It’s fitting that I write my 100th post on this blog on New Year’s Eve 2011, the third anniversary of its creation. But there’s another reason why the date seems appropriate. Next year marks the 25th anniversary of the release of an album that I credit with kick-starting my lifelong love affair with music. And that love for music was what led to me getting a radio show on WMUC2, starting this blog to promote that show, taking up multiple instruments, and even writing and recording my own music as a personal hobby.
That album was released at a time when soft rock was all over the charts (Kenny G has a song on the ’87 year-end Hot 100 – seriously). Hair metal had transitioned from its hard-rocking virtuoso beginnings (think Van Halen) to cheesy party rock stuffed with aimless shredding and mandatory power ballads (think Poison).

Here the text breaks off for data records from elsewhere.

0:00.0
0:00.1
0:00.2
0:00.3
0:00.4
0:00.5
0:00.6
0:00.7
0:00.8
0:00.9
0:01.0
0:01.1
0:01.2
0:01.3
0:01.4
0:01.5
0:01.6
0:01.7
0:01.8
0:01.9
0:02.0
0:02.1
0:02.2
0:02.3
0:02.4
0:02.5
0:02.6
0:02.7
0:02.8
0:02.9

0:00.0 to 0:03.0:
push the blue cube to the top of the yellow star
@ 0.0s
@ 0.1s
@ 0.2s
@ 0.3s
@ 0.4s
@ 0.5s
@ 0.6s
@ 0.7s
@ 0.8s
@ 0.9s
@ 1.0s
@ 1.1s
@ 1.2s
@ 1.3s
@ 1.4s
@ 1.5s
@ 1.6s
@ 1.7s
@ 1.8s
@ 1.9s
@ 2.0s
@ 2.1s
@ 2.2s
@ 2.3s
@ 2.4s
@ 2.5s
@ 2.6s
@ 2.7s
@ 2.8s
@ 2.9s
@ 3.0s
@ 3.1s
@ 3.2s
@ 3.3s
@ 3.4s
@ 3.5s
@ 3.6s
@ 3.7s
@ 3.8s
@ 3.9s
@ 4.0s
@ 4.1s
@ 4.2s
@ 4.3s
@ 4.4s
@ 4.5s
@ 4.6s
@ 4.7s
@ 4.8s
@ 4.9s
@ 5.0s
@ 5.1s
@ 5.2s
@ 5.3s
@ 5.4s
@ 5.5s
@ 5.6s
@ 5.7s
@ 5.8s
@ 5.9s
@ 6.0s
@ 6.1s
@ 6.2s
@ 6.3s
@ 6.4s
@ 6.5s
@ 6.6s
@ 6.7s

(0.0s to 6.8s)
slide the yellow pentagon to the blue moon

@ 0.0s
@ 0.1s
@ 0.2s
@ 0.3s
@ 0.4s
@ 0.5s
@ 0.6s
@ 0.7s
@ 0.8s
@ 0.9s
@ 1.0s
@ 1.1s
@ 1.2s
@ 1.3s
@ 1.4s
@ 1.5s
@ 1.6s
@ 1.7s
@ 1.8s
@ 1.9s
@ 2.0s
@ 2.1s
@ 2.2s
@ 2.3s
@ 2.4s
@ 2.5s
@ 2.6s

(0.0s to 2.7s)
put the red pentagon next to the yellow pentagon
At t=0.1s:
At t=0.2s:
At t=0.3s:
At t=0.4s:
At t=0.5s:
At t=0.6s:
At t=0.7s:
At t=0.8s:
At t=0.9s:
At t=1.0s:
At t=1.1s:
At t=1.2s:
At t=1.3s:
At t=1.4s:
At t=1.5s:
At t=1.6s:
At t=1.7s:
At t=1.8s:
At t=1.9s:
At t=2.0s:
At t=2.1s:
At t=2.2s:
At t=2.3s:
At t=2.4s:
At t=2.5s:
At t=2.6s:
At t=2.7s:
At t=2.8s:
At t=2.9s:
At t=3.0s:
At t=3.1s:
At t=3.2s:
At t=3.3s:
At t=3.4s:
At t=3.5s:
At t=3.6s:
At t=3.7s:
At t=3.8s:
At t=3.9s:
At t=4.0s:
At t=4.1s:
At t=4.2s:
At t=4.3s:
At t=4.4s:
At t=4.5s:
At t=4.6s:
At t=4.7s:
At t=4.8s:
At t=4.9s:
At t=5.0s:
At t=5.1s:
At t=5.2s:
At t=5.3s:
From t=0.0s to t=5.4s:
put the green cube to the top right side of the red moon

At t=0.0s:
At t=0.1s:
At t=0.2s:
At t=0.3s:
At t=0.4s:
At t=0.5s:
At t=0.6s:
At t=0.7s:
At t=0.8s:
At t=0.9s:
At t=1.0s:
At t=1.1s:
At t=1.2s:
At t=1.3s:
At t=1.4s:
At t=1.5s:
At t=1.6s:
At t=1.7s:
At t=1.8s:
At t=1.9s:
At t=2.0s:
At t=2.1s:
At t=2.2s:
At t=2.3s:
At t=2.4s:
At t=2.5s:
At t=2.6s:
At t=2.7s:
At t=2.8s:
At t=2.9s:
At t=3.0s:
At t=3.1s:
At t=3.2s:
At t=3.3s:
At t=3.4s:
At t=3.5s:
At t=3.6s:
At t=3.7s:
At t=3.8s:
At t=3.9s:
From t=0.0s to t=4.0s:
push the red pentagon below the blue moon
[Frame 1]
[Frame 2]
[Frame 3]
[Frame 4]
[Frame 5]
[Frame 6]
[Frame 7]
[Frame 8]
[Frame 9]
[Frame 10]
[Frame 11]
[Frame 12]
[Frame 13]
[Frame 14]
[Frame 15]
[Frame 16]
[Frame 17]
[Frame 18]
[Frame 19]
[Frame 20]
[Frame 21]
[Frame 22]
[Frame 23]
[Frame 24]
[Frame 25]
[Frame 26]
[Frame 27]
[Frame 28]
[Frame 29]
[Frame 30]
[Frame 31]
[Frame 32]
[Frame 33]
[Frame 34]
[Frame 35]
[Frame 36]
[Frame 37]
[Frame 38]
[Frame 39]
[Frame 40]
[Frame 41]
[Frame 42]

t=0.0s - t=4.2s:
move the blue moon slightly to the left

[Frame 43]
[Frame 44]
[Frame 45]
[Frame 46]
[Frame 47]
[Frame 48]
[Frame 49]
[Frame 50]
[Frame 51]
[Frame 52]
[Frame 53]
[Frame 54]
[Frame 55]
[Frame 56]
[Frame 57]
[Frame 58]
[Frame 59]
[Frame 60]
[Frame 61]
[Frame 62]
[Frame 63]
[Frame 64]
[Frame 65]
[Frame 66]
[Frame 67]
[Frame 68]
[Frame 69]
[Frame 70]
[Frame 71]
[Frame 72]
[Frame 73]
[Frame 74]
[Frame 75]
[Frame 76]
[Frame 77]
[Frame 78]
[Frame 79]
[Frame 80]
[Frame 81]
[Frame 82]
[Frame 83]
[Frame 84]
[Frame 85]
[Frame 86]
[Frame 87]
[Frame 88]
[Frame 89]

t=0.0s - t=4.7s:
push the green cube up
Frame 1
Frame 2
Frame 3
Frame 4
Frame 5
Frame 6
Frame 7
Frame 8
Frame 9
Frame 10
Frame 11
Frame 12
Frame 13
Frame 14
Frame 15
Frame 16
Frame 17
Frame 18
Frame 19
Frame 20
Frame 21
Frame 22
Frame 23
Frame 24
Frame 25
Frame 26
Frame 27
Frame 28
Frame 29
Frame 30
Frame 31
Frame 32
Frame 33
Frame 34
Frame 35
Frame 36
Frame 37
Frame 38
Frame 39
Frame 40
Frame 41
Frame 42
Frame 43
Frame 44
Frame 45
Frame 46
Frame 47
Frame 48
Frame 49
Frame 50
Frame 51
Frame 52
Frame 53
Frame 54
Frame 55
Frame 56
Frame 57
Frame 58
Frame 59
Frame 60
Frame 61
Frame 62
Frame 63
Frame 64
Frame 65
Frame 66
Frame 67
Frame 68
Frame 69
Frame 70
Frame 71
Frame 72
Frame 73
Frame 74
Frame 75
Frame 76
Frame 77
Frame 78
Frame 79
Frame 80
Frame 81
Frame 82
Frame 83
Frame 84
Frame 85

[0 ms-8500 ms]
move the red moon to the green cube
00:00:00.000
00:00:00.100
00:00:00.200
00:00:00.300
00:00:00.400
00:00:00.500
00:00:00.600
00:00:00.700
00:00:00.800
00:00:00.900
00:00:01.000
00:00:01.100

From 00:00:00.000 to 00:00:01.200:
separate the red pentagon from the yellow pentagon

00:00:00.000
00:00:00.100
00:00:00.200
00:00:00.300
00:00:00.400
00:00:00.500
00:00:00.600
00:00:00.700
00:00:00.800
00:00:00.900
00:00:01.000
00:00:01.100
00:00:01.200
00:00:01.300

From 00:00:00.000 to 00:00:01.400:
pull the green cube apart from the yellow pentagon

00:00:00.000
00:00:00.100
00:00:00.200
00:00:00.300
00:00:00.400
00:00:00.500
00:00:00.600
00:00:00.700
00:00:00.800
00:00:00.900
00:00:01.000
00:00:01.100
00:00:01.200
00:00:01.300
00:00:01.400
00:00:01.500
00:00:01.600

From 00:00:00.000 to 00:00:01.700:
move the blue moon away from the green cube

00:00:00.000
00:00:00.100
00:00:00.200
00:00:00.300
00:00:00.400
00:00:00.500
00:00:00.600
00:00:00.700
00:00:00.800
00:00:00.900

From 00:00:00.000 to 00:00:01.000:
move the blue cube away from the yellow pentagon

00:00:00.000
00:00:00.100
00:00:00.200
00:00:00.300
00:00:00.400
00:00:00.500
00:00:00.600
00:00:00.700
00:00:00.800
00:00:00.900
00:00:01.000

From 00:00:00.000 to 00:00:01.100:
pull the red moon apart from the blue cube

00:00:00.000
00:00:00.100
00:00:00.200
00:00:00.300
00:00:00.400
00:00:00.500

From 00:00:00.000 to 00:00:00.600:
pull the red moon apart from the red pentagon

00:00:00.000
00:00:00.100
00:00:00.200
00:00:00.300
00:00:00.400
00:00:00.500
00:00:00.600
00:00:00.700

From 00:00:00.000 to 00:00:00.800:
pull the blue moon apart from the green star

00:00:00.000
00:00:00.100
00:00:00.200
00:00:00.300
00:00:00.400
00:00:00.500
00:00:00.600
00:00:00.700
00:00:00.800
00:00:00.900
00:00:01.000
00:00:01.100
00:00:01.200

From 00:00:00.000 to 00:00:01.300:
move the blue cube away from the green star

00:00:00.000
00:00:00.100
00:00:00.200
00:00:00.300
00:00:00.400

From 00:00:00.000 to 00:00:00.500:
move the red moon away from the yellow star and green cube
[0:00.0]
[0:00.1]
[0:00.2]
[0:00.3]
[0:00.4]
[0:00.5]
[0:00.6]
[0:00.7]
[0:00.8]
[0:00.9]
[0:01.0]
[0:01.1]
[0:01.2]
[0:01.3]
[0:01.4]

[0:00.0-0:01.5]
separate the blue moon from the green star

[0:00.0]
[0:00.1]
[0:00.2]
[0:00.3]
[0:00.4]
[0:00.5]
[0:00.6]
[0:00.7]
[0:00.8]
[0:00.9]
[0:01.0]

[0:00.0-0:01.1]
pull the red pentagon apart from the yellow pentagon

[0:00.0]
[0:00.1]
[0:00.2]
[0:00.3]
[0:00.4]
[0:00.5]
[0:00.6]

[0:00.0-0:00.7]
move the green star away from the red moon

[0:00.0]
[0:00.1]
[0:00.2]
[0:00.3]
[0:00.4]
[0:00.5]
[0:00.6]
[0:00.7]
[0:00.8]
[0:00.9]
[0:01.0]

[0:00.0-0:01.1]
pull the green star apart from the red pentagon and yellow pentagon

Bruce Willis scored a hit single back when he was probably better known as a singer than an actor (he hadn’t even made Look Who’s Talking yet, let alone Die Hard). A teenage singer from Hawaii won a local talent contest and got a nationwide hit single basically via word of mouth (Glenn Medeiros, “Nothing’s Gonna Change My Love For You”). An Australian new wave band became a one-hit wonder by covering a one-hit wonder (Pseudo Echo, “Funkytown”). And yes, I got all of that from Wikipedia and Todd In The Shadows. Still, it was an odd time for music and the alternative rock boom of the early ‘90s was a few years away.
But none of that stuff really mattered to me. I was about six months old when the album in question was released. And by the time I was around five years old, I was listening to this record so much I practically had it memorized. So what was that album? The Joshua Tree by U2.